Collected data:
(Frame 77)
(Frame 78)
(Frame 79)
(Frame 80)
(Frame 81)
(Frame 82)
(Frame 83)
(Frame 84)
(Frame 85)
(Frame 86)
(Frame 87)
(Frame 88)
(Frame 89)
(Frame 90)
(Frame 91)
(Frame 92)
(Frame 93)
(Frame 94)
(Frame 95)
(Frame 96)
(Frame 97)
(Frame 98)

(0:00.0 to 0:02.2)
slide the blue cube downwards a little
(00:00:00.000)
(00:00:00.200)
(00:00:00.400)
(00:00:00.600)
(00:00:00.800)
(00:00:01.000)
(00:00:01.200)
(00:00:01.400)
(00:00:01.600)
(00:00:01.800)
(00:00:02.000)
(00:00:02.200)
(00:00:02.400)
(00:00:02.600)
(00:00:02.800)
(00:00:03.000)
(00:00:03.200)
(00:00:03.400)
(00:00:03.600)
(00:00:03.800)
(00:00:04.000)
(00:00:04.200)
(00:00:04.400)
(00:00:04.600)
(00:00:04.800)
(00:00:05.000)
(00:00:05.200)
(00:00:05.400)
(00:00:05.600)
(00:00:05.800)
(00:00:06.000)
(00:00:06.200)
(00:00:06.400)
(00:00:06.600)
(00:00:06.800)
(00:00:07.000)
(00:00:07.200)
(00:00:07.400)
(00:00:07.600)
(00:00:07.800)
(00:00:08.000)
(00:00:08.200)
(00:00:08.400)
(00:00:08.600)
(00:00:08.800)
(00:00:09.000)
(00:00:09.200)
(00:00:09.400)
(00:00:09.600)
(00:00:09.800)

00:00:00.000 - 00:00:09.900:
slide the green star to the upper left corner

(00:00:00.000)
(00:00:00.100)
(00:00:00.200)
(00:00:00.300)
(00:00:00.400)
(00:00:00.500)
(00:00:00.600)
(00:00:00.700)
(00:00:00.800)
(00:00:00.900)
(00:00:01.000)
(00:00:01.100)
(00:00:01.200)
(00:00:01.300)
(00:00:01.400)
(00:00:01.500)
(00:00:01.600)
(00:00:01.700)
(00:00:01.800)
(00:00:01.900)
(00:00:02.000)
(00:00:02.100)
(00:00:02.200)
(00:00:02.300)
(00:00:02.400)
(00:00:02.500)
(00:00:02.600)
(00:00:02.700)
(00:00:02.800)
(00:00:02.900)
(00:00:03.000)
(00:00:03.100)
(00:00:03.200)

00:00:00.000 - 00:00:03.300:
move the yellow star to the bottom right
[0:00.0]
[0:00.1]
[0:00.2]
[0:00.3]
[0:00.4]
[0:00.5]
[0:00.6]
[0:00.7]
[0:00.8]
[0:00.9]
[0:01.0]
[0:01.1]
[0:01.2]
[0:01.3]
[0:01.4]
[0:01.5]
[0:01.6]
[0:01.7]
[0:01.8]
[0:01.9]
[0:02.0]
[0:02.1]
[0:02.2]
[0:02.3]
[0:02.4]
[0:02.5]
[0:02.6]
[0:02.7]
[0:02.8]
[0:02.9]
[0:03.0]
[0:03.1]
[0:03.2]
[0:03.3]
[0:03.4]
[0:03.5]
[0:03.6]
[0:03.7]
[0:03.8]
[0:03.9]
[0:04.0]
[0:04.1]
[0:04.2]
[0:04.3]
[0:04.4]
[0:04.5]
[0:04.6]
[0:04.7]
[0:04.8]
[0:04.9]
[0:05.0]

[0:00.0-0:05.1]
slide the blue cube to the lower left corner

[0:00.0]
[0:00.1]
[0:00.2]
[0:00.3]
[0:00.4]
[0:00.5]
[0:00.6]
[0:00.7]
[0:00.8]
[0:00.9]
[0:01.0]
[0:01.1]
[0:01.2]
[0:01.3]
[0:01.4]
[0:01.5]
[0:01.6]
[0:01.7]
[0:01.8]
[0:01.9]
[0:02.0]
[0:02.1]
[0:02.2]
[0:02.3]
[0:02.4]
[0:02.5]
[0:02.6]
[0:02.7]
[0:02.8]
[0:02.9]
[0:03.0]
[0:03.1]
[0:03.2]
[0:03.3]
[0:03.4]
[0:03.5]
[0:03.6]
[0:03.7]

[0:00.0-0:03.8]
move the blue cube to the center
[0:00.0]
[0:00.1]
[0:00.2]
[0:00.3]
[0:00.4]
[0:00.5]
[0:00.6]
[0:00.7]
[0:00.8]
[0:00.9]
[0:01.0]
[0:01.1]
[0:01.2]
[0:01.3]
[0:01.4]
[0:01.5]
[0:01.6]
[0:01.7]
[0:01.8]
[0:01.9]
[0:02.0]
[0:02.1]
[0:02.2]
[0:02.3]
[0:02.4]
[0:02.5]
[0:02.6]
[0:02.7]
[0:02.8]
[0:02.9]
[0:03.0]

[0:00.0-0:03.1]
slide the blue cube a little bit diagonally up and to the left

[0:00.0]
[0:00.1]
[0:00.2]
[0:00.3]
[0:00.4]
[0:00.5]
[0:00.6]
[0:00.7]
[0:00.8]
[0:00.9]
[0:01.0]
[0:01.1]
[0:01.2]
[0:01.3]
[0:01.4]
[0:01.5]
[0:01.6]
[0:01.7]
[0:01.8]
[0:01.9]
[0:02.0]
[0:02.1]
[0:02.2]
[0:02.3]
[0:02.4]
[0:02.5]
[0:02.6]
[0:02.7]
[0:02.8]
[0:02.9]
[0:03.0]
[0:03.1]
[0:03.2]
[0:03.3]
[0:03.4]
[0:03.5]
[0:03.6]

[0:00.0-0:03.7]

**What you have to do**
In your answer, include only the lines above starting at the line that holds "(00:00:04.400)" and ending at the line that holds "(00:00:01.100)", copied exactly.

**Solution for this exercise**
(00:00:04.400)
(00:00:04.600)
(00:00:04.800)
(00:00:05.000)
(00:00:05.200)
(00:00:05.400)
(00:00:05.600)
(00:00:05.800)
(00:00:06.000)
(00:00:06.200)
(00:00:06.400)
(00:00:06.600)
(00:00:06.800)
(00:00:07.000)
(00:00:07.200)
(00:00:07.400)
(00:00:07.600)
(00:00:07.800)
(00:00:08.000)
(00:00:08.200)
(00:00:08.400)
(00:00:08.600)
(00:00:08.800)
(00:00:09.000)
(00:00:09.200)
(00:00:09.400)
(00:00:09.600)
(00:00:09.800)

00:00:00.000 - 00:00:09.900:
slide the green star to the upper left corner

(00:00:00.000)
(00:00:00.100)
(00:00:00.200)
(00:00:00.300)
(00:00:00.400)
(00:00:00.500)
(00:00:00.600)
(00:00:00.700)
(00:00:00.800)
(00:00:00.900)
(00:00:01.000)
(00:00:01.100)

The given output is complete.